### Task inputs
□ □ □ □ □
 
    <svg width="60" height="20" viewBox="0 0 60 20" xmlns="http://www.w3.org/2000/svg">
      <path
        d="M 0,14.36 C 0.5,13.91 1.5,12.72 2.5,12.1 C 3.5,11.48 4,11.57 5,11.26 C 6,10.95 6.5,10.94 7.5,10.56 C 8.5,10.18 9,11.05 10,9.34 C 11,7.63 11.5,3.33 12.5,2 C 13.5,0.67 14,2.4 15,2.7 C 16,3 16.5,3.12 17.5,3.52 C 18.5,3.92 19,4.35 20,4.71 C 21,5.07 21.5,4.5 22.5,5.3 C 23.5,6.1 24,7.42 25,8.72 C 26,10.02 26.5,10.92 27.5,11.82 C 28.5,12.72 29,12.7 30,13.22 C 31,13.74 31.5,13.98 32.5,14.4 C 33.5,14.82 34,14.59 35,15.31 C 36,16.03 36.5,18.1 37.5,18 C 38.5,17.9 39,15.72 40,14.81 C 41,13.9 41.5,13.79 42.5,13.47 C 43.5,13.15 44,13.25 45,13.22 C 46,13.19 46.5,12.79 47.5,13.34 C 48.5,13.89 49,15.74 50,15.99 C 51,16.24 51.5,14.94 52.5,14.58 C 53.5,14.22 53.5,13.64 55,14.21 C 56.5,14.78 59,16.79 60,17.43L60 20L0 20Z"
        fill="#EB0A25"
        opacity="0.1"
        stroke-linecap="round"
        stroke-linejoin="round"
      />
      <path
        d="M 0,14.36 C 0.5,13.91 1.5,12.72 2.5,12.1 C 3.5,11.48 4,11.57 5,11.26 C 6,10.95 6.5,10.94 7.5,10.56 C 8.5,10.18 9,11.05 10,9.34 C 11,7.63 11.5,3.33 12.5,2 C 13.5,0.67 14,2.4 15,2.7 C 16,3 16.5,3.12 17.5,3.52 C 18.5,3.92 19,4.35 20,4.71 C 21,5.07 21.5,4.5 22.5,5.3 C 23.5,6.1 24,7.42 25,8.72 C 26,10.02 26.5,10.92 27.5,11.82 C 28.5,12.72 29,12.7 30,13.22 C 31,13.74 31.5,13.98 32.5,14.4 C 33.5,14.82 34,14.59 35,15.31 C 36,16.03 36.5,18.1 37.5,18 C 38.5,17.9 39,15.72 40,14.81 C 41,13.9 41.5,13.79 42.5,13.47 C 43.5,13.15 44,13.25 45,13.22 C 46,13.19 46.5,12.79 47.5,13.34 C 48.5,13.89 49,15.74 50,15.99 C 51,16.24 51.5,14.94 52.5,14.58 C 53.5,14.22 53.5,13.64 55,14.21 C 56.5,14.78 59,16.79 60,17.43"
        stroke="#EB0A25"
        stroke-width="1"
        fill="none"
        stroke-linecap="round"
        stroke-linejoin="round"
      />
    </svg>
□ □ □ □ □
### Directions for this task
After reading the listing above, print each line back exactly.

### Answer section
    <svg width="60" height="20" viewBox="0 0 60 20" xmlns="http://www.w3.org/2000/svg">
      <path
        d="M 0,14.36 C 0.5,13.91 1.5,12.72 2.5,12.1 C 3.5,11.48 4,11.57 5,11.26 C 6,10.95 6.5,10.94 7.5,10.56 C 8.5,10.18 9,11.05 10,9.34 C 11,7.63 11.5,3.33 12.5,2 C 13.5,0.67 14,2.4 15,2.7 C 16,3 16.5,3.12 17.5,3.52 C 18.5,3.92 19,4.35 20,4.71 C 21,5.07 21.5,4.5 22.5,5.3 C 23.5,6.1 24,7.42 25,8.72 C 26,10.02 26.5,10.92 27.5,11.82 C 28.5,12.72 29,12.7 30,13.22 C 31,13.74 31.5,13.98 32.5,14.4 C 33.5,14.82 34,14.59 35,15.31 C 36,16.03 36.5,18.1 37.5,18 C 38.5,17.9 39,15.72 40,14.81 C 41,13.9 41.5,13.79 42.5,13.47 C 43.5,13.15 44,13.25 45,13.22 C 46,13.19 46.5,12.79 47.5,13.34 C 48.5,13.89 49,15.74 50,15.99 C 51,16.24 51.5,14.94 52.5,14.58 C 53.5,14.22 53.5,13.64 55,14.21 C 56.5,14.78 59,16.79 60,17.43L60 20L0 20Z"
        fill="#EB0A25"
        opacity="0.1"
        stroke-linecap="round"
        stroke-linejoin="round"
      />
      <path
        d="M 0,14.36 C 0.5,13.91 1.5,12.72 2.5,12.1 C 3.5,11.48 4,11.57 5,11.26 C 6,10.95 6.5,10.94 7.5,10.56 C 8.5,10.18 9,11.05 10,9.34 C 11,7.63 11.5,3.33 12.5,2 C 13.5,0.67 14,2.4 15,2.7 C 16,3 16.5,3.12 17.5,3.52 C 18.5,3.92 19,4.35 20,4.71 C 21,5.07 21.5,4.5 22.5,5.3 C 23.5,6.1 24,7.42 25,8.72 C 26,10.02 26.5,10.92 27.5,11.82 C 28.5,12.72 29,12.7 30,13.22 C 31,13.74 31.5,13.98 32.5,14.4 C 33.5,14.82 34,14.59 35,15.31 C 36,16.03 36.5,18.1 37.5,18 C 38.5,17.9 39,15.72 40,14.81 C 41,13.9 41.5,13.79 42.5,13.47 C 43.5,13.15 44,13.25 45,13.22 C 46,13.19 46.5,12.79 47.5,13.34 C 48.5,13.89 49,15.74 50,15.99 C 51,16.24 51.5,14.94 52.5,14.58 C 53.5,14.22 53.5,13.64 55,14.21 C 56.5,14.78 59,16.79 60,17.43"
        stroke="#EB0A25"
        stroke-width="1"
        fill="none"
        stroke-linecap="round"
        stroke-linejoin="round"
      />
    </svg>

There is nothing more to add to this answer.